Posts tagged life choices

Moving House In Pain

Yesterday, myself and Mr. Claire were talking and on the spur of the moment, without thinking even five minutes into the future, he got me hosting and the like.  I spent the whole day looking at a complete copy of this blog on the wrong another domain name and contemplated if I really should move house.  Just to point out, I had no clue what I was doing and did things the long, hard, wrong way.  Obviously.  This is me.  He kept saying to me, we’ll get somebody to do it for you.  I’m stubborn.  I don’t like that kind of help.   Regardless of this, it just didn’t feel right.  So eventually, I decided to stay here and use the hosting and the like to learn how to do everything myself with a test site.  I’m an idiot.  I know this.  I hate when things aren’t perfect and I hate when I don’t feel at home.  I can’t read my posts over because I know I’ll just edit them constantly.  Isn’t that sad?  And I won’t comment on a blog more than once that doesn’t feel…comfy.  I have a wierd mind sometimes, I admit it.

 So, basically, I wanted to tell you that I made a decision that will make absolutely no difference to your lives 🙂

It is now the 10th of December and my carefully thought out Christmas shopping plan has pretty much fallen apart.  Ah well.  I can avoid everyone over Christmas and shop in January if I have to 🙂  Mr. Claire has been out of work since Thursday because he hurt his back.  He’s pretty useless to have around at the moment.  (Damnit, just remembered he won’t ever read that so I’m going to have to tell him I said it instead.  It just loses some of its effect that way.  I keep telling him I have no sympathy for his pain because he didn’t for me both times I was pregnant.  He will never live down the day he admitted he thought I was faking it during my first pregnancy.  Toerag.  I had morning sickness nearly every single day I was pregnant and a pinched nerve in my back.  It wasn’t exactly fun.

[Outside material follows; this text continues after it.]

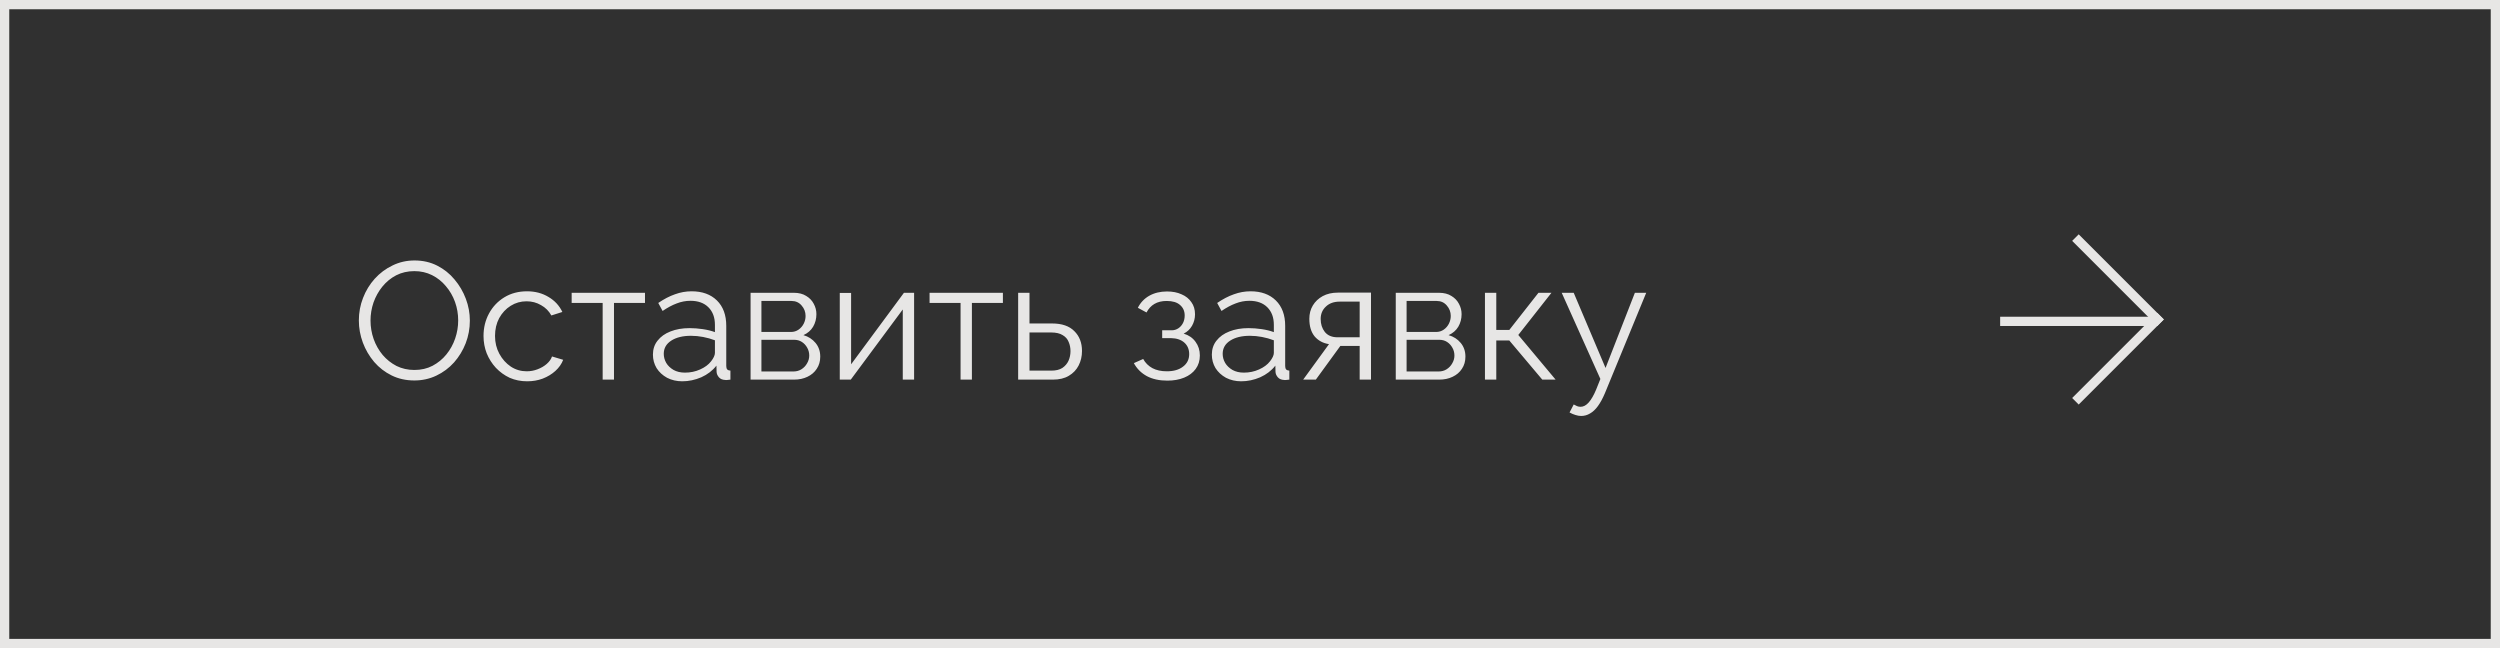 <?xml version="1.0" encoding="UTF-8"?> <svg xmlns="http://www.w3.org/2000/svg" width="270" height="70" viewBox="0 0 270 70" fill="none"> <rect x="0.5" y="0.5" width="269" height="69" fill="#303030" stroke="#E7E6E5"></rect> <path d="M44.75 41.09C43.85 41.09 43.034 40.91 42.302 40.55C41.57 40.19 40.94 39.704 40.412 39.092C39.884 38.468 39.476 37.772 39.188 37.004C38.9 36.224 38.756 35.426 38.756 34.61C38.756 33.758 38.906 32.948 39.206 32.18C39.506 31.4 39.926 30.71 40.466 30.11C41.018 29.498 41.66 29.018 42.392 28.67C43.124 28.31 43.916 28.13 44.768 28.13C45.668 28.13 46.484 28.316 47.216 28.688C47.948 29.06 48.572 29.558 49.088 30.182C49.616 30.806 50.024 31.502 50.312 32.27C50.6 33.038 50.744 33.824 50.744 34.628C50.744 35.48 50.594 36.296 50.294 37.076C49.994 37.844 49.574 38.534 49.034 39.146C48.494 39.746 47.858 40.22 47.126 40.568C46.394 40.916 45.602 41.09 44.75 41.09ZM40.016 34.61C40.016 35.306 40.13 35.978 40.358 36.626C40.586 37.262 40.91 37.832 41.33 38.336C41.75 38.828 42.248 39.224 42.824 39.524C43.412 39.812 44.054 39.956 44.75 39.956C45.482 39.956 46.136 39.806 46.712 39.506C47.3 39.194 47.798 38.786 48.206 38.282C48.626 37.766 48.944 37.19 49.16 36.554C49.376 35.918 49.484 35.27 49.484 34.61C49.484 33.914 49.37 33.248 49.142 32.612C48.914 31.976 48.584 31.406 48.152 30.902C47.732 30.398 47.234 30.002 46.658 29.714C46.082 29.426 45.446 29.282 44.75 29.282C44.03 29.282 43.376 29.432 42.788 29.732C42.212 30.032 41.714 30.44 41.294 30.956C40.886 31.46 40.568 32.03 40.34 32.666C40.124 33.302 40.016 33.95 40.016 34.61ZM56.936 41.18C56.252 41.18 55.622 41.054 55.046 40.802C54.482 40.538 53.984 40.178 53.552 39.722C53.132 39.266 52.802 38.744 52.562 38.156C52.334 37.568 52.22 36.944 52.22 36.284C52.22 35.396 52.418 34.586 52.814 33.854C53.21 33.122 53.762 32.54 54.47 32.108C55.178 31.676 55.994 31.46 56.918 31.46C57.794 31.46 58.568 31.664 59.24 32.072C59.912 32.468 60.41 33.008 60.734 33.692L59.546 34.07C59.282 33.59 58.91 33.218 58.43 32.954C57.962 32.678 57.44 32.54 56.864 32.54C56.24 32.54 55.67 32.702 55.154 33.026C54.638 33.35 54.224 33.794 53.912 34.358C53.612 34.922 53.462 35.564 53.462 36.284C53.462 36.992 53.618 37.634 53.93 38.21C54.242 38.786 54.656 39.248 55.172 39.596C55.688 39.932 56.258 40.1 56.882 40.1C57.29 40.1 57.68 40.028 58.052 39.884C58.436 39.74 58.766 39.548 59.042 39.308C59.33 39.056 59.522 38.786 59.618 38.498L60.824 38.858C60.656 39.302 60.374 39.704 59.978 40.064C59.594 40.412 59.138 40.688 58.61 40.892C58.094 41.084 57.536 41.18 56.936 41.18ZM65.087 41V32.72H61.739V31.622H69.659V32.72H66.311V41H65.087ZM70.516 38.3C70.516 37.712 70.684 37.208 71.02 36.788C71.356 36.356 71.818 36.026 72.406 35.798C73.006 35.558 73.696 35.438 74.476 35.438C74.932 35.438 75.406 35.474 75.898 35.546C76.39 35.618 76.828 35.726 77.212 35.87V35.078C77.212 34.286 76.978 33.656 76.51 33.188C76.042 32.72 75.394 32.486 74.566 32.486C74.062 32.486 73.564 32.582 73.072 32.774C72.592 32.954 72.088 33.224 71.56 33.584L71.092 32.72C71.704 32.3 72.304 31.988 72.892 31.784C73.48 31.568 74.08 31.46 74.692 31.46C75.844 31.46 76.756 31.79 77.428 32.45C78.1 33.11 78.436 34.022 78.436 35.186V39.524C78.436 39.692 78.472 39.818 78.544 39.902C78.616 39.974 78.73 40.016 78.886 40.028V41C78.754 41.012 78.64 41.024 78.544 41.036C78.448 41.048 78.376 41.048 78.328 41.036C78.028 41.024 77.8 40.928 77.644 40.748C77.488 40.568 77.404 40.376 77.392 40.172L77.374 39.488C76.954 40.028 76.408 40.448 75.736 40.748C75.064 41.036 74.38 41.18 73.684 41.18C73.084 41.18 72.538 41.054 72.046 40.802C71.566 40.538 71.188 40.19 70.912 39.758C70.648 39.314 70.516 38.828 70.516 38.3ZM76.798 39.02C76.93 38.852 77.032 38.69 77.104 38.534C77.176 38.378 77.212 38.24 77.212 38.12V36.752C76.804 36.596 76.378 36.476 75.934 36.392C75.502 36.308 75.064 36.266 74.62 36.266C73.744 36.266 73.036 36.44 72.496 36.788C71.956 37.136 71.686 37.61 71.686 38.21C71.686 38.558 71.776 38.888 71.956 39.2C72.136 39.5 72.4 39.752 72.748 39.956C73.096 40.148 73.504 40.244 73.972 40.244C74.56 40.244 75.106 40.13 75.61 39.902C76.126 39.674 76.522 39.38 76.798 39.02ZM81.062 41V31.622H85.743C86.27 31.622 86.715 31.736 87.075 31.964C87.434 32.18 87.704 32.462 87.885 32.81C88.076 33.158 88.172 33.53 88.172 33.926C88.172 34.43 88.052 34.886 87.812 35.294C87.573 35.69 87.225 35.99 86.769 36.194C87.308 36.35 87.746 36.632 88.082 37.04C88.418 37.448 88.587 37.94 88.587 38.516C88.587 39.02 88.46 39.458 88.209 39.83C87.969 40.202 87.632 40.49 87.201 40.694C86.781 40.898 86.294 41 85.743 41H81.062ZM82.233 40.118H85.707C86.019 40.118 86.3 40.04 86.552 39.884C86.817 39.716 87.02 39.5 87.165 39.236C87.32 38.972 87.398 38.696 87.398 38.408C87.398 38.096 87.326 37.814 87.183 37.562C87.038 37.298 86.847 37.088 86.606 36.932C86.367 36.776 86.091 36.698 85.778 36.698H82.233V40.118ZM82.233 35.852H85.418C85.731 35.852 86.007 35.768 86.246 35.6C86.487 35.432 86.672 35.216 86.805 34.952C86.936 34.688 87.002 34.412 87.002 34.124C87.002 33.692 86.859 33.314 86.57 32.99C86.294 32.666 85.934 32.504 85.49 32.504H82.233V35.852ZM90.695 41V31.64H91.919V39.344L97.625 31.622H98.723V41H97.499V33.422L91.883 41H90.695ZM103.741 41V32.72H100.393V31.622H108.313V32.72H104.965V41H103.741ZM109.961 41V31.622H111.185V34.934H113.615C114.683 34.934 115.487 35.21 116.027 35.762C116.579 36.302 116.855 37.016 116.855 37.904C116.855 38.48 116.735 39.002 116.495 39.47C116.255 39.938 115.901 40.31 115.433 40.586C114.977 40.862 114.401 41 113.705 41H109.961ZM111.185 40.028H113.543C114.035 40.028 114.431 39.932 114.731 39.74C115.031 39.536 115.253 39.278 115.397 38.966C115.541 38.642 115.613 38.294 115.613 37.922C115.613 37.562 115.547 37.232 115.415 36.932C115.295 36.62 115.079 36.374 114.767 36.194C114.467 36.002 114.047 35.906 113.507 35.906H111.185V40.028ZM126.074 41.108C125.21 41.108 124.472 40.946 123.86 40.622C123.248 40.286 122.78 39.818 122.456 39.218L123.464 38.768C123.692 39.188 124.022 39.518 124.454 39.758C124.886 39.986 125.408 40.1 126.02 40.1C126.752 40.1 127.334 39.932 127.766 39.596C128.21 39.26 128.432 38.81 128.432 38.246C128.432 37.73 128.258 37.316 127.91 37.004C127.562 36.692 127.082 36.53 126.47 36.518H125.516V35.672H126.542C126.806 35.672 127.046 35.6 127.262 35.456C127.478 35.312 127.646 35.12 127.766 34.88C127.886 34.64 127.946 34.37 127.946 34.07C127.946 33.602 127.778 33.224 127.442 32.936C127.118 32.648 126.638 32.504 126.002 32.504C125.474 32.504 125.03 32.612 124.67 32.828C124.322 33.032 124.04 33.338 123.824 33.746L122.888 33.242C123.164 32.69 123.572 32.258 124.112 31.946C124.664 31.634 125.306 31.478 126.038 31.478C126.638 31.478 127.16 31.58 127.604 31.784C128.06 31.976 128.414 32.258 128.666 32.63C128.93 32.99 129.062 33.428 129.062 33.944C129.062 34.388 128.954 34.802 128.738 35.186C128.522 35.558 128.222 35.84 127.838 36.032C128.39 36.2 128.816 36.494 129.116 36.914C129.428 37.334 129.584 37.826 129.584 38.39C129.584 38.954 129.434 39.44 129.134 39.848C128.834 40.256 128.42 40.568 127.892 40.784C127.364 41 126.758 41.108 126.074 41.108ZM130.879 38.3C130.879 37.712 131.047 37.208 131.383 36.788C131.719 36.356 132.181 36.026 132.769 35.798C133.369 35.558 134.059 35.438 134.839 35.438C135.295 35.438 135.769 35.474 136.261 35.546C136.753 35.618 137.191 35.726 137.575 35.87V35.078C137.575 34.286 137.341 33.656 136.873 33.188C136.405 32.72 135.757 32.486 134.929 32.486C134.425 32.486 133.927 32.582 133.435 32.774C132.955 32.954 132.451 33.224 131.923 33.584L131.455 32.72C132.067 32.3 132.667 31.988 133.255 31.784C133.843 31.568 134.443 31.46 135.055 31.46C136.207 31.46 137.119 31.79 137.791 32.45C138.463 33.11 138.799 34.022 138.799 35.186V39.524C138.799 39.692 138.835 39.818 138.907 39.902C138.979 39.974 139.093 40.016 139.249 40.028V41C139.117 41.012 139.003 41.024 138.907 41.036C138.811 41.048 138.739 41.048 138.691 41.036C138.391 41.024 138.163 40.928 138.007 40.748C137.851 40.568 137.767 40.376 137.755 40.172L137.737 39.488C137.317 40.028 136.771 40.448 136.099 40.748C135.427 41.036 134.743 41.18 134.047 41.18C133.447 41.18 132.901 41.054 132.409 40.802C131.929 40.538 131.551 40.19 131.275 39.758C131.011 39.314 130.879 38.828 130.879 38.3ZM137.161 39.02C137.293 38.852 137.395 38.69 137.467 38.534C137.539 38.378 137.575 38.24 137.575 38.12V36.752C137.167 36.596 136.741 36.476 136.297 36.392C135.865 36.308 135.427 36.266 134.983 36.266C134.107 36.266 133.399 36.44 132.859 36.788C132.319 37.136 132.049 37.61 132.049 38.21C132.049 38.558 132.139 38.888 132.319 39.2C132.499 39.5 132.763 39.752 133.111 39.956C133.459 40.148 133.867 40.244 134.335 40.244C134.923 40.244 135.469 40.13 135.973 39.902C136.489 39.674 136.885 39.38 137.161 39.02ZM140.742 41L143.532 37.166C142.896 37.07 142.38 36.794 141.984 36.338C141.6 35.87 141.408 35.234 141.408 34.43C141.408 33.89 141.534 33.41 141.786 32.99C142.038 32.57 142.392 32.234 142.848 31.982C143.316 31.73 143.862 31.604 144.486 31.604H148.068V41H146.844V37.364H144.756L142.11 41H140.742ZM144.468 36.428H146.844V32.576H144.684C144.06 32.576 143.562 32.756 143.19 33.116C142.818 33.464 142.632 33.908 142.632 34.448C142.632 35 142.782 35.468 143.082 35.852C143.394 36.236 143.856 36.428 144.468 36.428ZM150.742 41V31.622H155.422C155.95 31.622 156.394 31.736 156.754 31.964C157.114 32.18 157.384 32.462 157.564 32.81C157.756 33.158 157.852 33.53 157.852 33.926C157.852 34.43 157.732 34.886 157.492 35.294C157.252 35.69 156.904 35.99 156.448 36.194C156.988 36.35 157.426 36.632 157.762 37.04C158.098 37.448 158.266 37.94 158.266 38.516C158.266 39.02 158.14 39.458 157.888 39.83C157.648 40.202 157.312 40.49 156.88 40.694C156.46 40.898 155.974 41 155.422 41H150.742ZM151.912 40.118H155.386C155.698 40.118 155.98 40.04 156.232 39.884C156.496 39.716 156.7 39.5 156.844 39.236C157 38.972 157.078 38.696 157.078 38.408C157.078 38.096 157.006 37.814 156.862 37.562C156.718 37.298 156.526 37.088 156.286 36.932C156.046 36.776 155.77 36.698 155.458 36.698H151.912V40.118ZM151.912 35.852H155.098C155.41 35.852 155.686 35.768 155.926 35.6C156.166 35.432 156.352 35.216 156.484 34.952C156.616 34.688 156.682 34.412 156.682 34.124C156.682 33.692 156.538 33.314 156.25 32.99C155.974 32.666 155.614 32.504 155.17 32.504H151.912V35.852ZM160.375 41V31.622H161.599V35.636H163.003L166.153 31.622H167.557L163.975 36.176L168.007 41H166.567L163.003 36.77H161.599V41H160.375ZM170.771 44.924C170.567 44.924 170.357 44.888 170.141 44.816C169.937 44.756 169.727 44.666 169.511 44.546L169.961 43.682C170.093 43.754 170.213 43.814 170.321 43.862C170.441 43.91 170.567 43.934 170.699 43.934C171.011 43.934 171.305 43.778 171.581 43.466C171.857 43.154 172.121 42.698 172.373 42.098L172.841 40.928L168.665 31.622H169.961L173.399 39.74L176.567 31.622H177.791L173.327 42.476C173.087 43.04 172.835 43.502 172.571 43.862C172.307 44.222 172.025 44.486 171.725 44.654C171.425 44.834 171.107 44.924 170.771 44.924Z" fill="#E7E6E5"></path> <line x1="224.147" y1="25.661" x2="233.339" y2="34.853" stroke="#E7E6E5"></line> <line x1="216.016" y1="34.707" x2="232.986" y2="34.707" stroke="#E7E6E5"></line> <line x1="224.146" y1="43.339" x2="233.339" y2="34.146" stroke="#E7E6E5"></line> </svg>

Sometimes we play argue over what hurts more and I always say nothing can beat childbirth.  But who can tell?  I’d love for just one man to get pregnant and give birth just so we can compare pain levels.  Maybe they could handle it better.  I doubt it though.  Women are pretty much preparing for it their whole lives while men tend to get shot down by a cold.  Oh, yes I can generalize.  It’s my blog.

As for the most excellent driving machine that keeps cutting out, our local mechanic was able to guess exactly what car we had just by the description of the problem yet he can’t fix it and told us to go elsewhere.  Wtf?  I was always under the impression that mechanics could solve any car problem but apparently not.  Apparently, some of them must be specialists.  Who knew?  I used to work in a place that taught mechanics.  My boss there had planned on turning me into a computer teacher but I left before I was old enough.  I know some of you are sniggering at the thoughts of me teaching computers but back then I hadn’t donated my brain cells to my children.  🙂  Isn’t it strange though how life can so quickly change?  One event made me leave that job, I wonder what I would be doing if I had stayed there.  Is there anything you’ve done that you wonder what would have happened had you made a different choice?